Вдруг, грубый акцент мне в ухо:

– Вай! Извыни, дарагой, ми всё уберём попозже.

Оборачиваюсь – Тохта, улыбается и кинжалом ковыряется у себя в зубах.

Быстро свинчиваю в свою комнату. Хрен с ним, на работе умоюсь.

С праздником вас, братья по разуму!


Утро следующего дня.

Выхожу на кухню. На кухне сидят… восемь лиц не славянской наружности, с четверыми из которых я уже успел познакомиться давеча.

– Ты кто? – спрашивает меня один из незнакомцев. Сабуржан же ему отвечает:

– А это наш сосэд из дэвятой комнаты. Тэбе староста про нэго сегодня говориль.

– Ах, сосэд? – улыбается второй незнакомец. – Староста сказаль, что ты нормальный мужик, не шумный.

– Не шумный, да, – отвечаю я, – а вы-то кто такие будете?

– Да какая уже тэбе разныца? – вмешивается Турдым. – Ми все твои соседи! Староста знает.

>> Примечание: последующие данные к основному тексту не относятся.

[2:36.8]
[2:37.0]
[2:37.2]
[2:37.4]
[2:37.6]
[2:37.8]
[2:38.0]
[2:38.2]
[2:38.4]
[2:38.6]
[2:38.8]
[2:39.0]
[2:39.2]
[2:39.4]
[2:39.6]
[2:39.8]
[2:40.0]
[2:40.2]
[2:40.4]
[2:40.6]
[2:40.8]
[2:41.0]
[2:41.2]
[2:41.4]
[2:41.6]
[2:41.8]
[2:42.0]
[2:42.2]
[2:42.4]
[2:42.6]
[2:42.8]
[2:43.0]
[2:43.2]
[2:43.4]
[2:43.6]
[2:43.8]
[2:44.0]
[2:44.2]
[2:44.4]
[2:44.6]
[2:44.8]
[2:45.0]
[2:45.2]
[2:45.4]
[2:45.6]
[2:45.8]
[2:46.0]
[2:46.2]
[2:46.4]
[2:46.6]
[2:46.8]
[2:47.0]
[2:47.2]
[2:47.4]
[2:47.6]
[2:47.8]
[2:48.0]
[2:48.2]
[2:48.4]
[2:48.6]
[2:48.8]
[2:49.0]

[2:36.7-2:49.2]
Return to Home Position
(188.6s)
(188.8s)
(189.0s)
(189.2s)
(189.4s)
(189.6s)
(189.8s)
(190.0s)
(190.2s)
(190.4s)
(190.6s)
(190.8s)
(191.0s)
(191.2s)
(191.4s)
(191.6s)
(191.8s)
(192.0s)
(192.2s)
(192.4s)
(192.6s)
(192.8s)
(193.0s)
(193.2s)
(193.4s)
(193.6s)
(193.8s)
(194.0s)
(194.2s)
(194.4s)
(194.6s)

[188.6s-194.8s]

Я в шоке! Иду стучусь в пятую, шестую, седьмую и восьмую комнаты. Из них выглядывают четыре фатимы, и рядом с каждой по пять-шесть микро-джамшутов (детишек, то бишь).

– А г-г-где те, что здесь ж-жили ещё вчера? – спрашиваю я дрожащим от волнения голосом.

– Сэгодня ночью всэ уехали, – раздаётся голос Тохты с кухни. – Сосэд, ты успокойся давай. Всё харашо. Ми тэбе ванну вчера намили. Умойся сходи.

Умываться мне совершенно не хотелось. Ещё раз попытался достучаться до Владимировича, но никто не открыл, как и вчера.

– Староста с семьёй поэхали в Сочи отдыхать, – услышал я голос Болта, – тэпер они себе это могут позволит – богатыми сталы, ха-ха-ха!!!

Ничего не говоря, я направился в свою комнату. Одевшись, я решил пойти поговорить с нашим участковым.

Зайдя в его кабинет, я остолбенел!

– Здаравствуй, дарагой! С чем пришоль? – раздался из-под полицейской фуражки до боли знакомый акцент.

– Дык… ээээ… я… А Борис Вячеславович больше здесь не работает что ли? – выдавил из себя я.

– Ха, тыперь я за нэго, – усмехнулся мне новый участковый, – Рашид Гумарович моя фамилия. Отнынэ все вопросы тут рышаю я. Так с чэм, гаваришь, пришёль?

Я больше не нашёл нужных слов. Развернулся и отправился на работу.


Денёк выдался тяжёлый. К нам на работу взяли с две дюжины мигрантов с ближнего зарубежья. Начальник сказал, что они будут работать у нас теперь всегда.

– Много денег не просят, не шумят – выгодно, – сказал он. – А вам зарплату придётся урезать, кризис как-никак.

– Какой кризис? – возразил я. – Он ведь кончился давно. Президент сам говорил…

Но бугор перебил меня:

– Не нравится – уходи, Валерич. Тебя тут никто не держит. По мне лучше этим южным оболтусам платить рубль, чем тебе десять, – и кушают меньше, и делают больше.

Конечно же, я с ним поругался в пух и прах. Пошёл в отдел кадров и написал заявление по собственному желанию.

Сегодня приду домой, отдохну, а завтра куплю газету и буду искать новую работу.

Настроение – ноль.


Подхожу к своей квартире… оп… а замок на двери уже другой. Не понял! Звоню в дверь. Открывает незнакомая рожа очередного южного гостя:

– Тэбе чего, гяур?

– Что значит «чего»? – возмущаюсь я. – Я здесь живу!

– Ты здэсь живошь? – захохотал джамшут. – Это я здэсь живу! А тебя я в пэрвый раз вижу! Пошоль вон отсюда, а то зарэжу, как барана!

И передо мной захлопнулась моя же собственная дверь.


Много времени спустя. Наверно утро какого-то дня.

Открываю глаза. Невыносимая вонь бьёт мне в нос. Твою мать, Кузьмич опять обосрался! Сегодня его с собой не возьму. Встаю с вонючего тюфяка и бреду по тёмному, сырому подвалу к выходу. Башку ломит от выпитой вчера бодяги! Руки трясутся, во рту отметилась тысяча кошек (или всё-таки не кошек? Кузьмич, падла!). Надо собраться силами и дойти до метро. Постою там часок-другой, глядишь и накидают на опохмелку.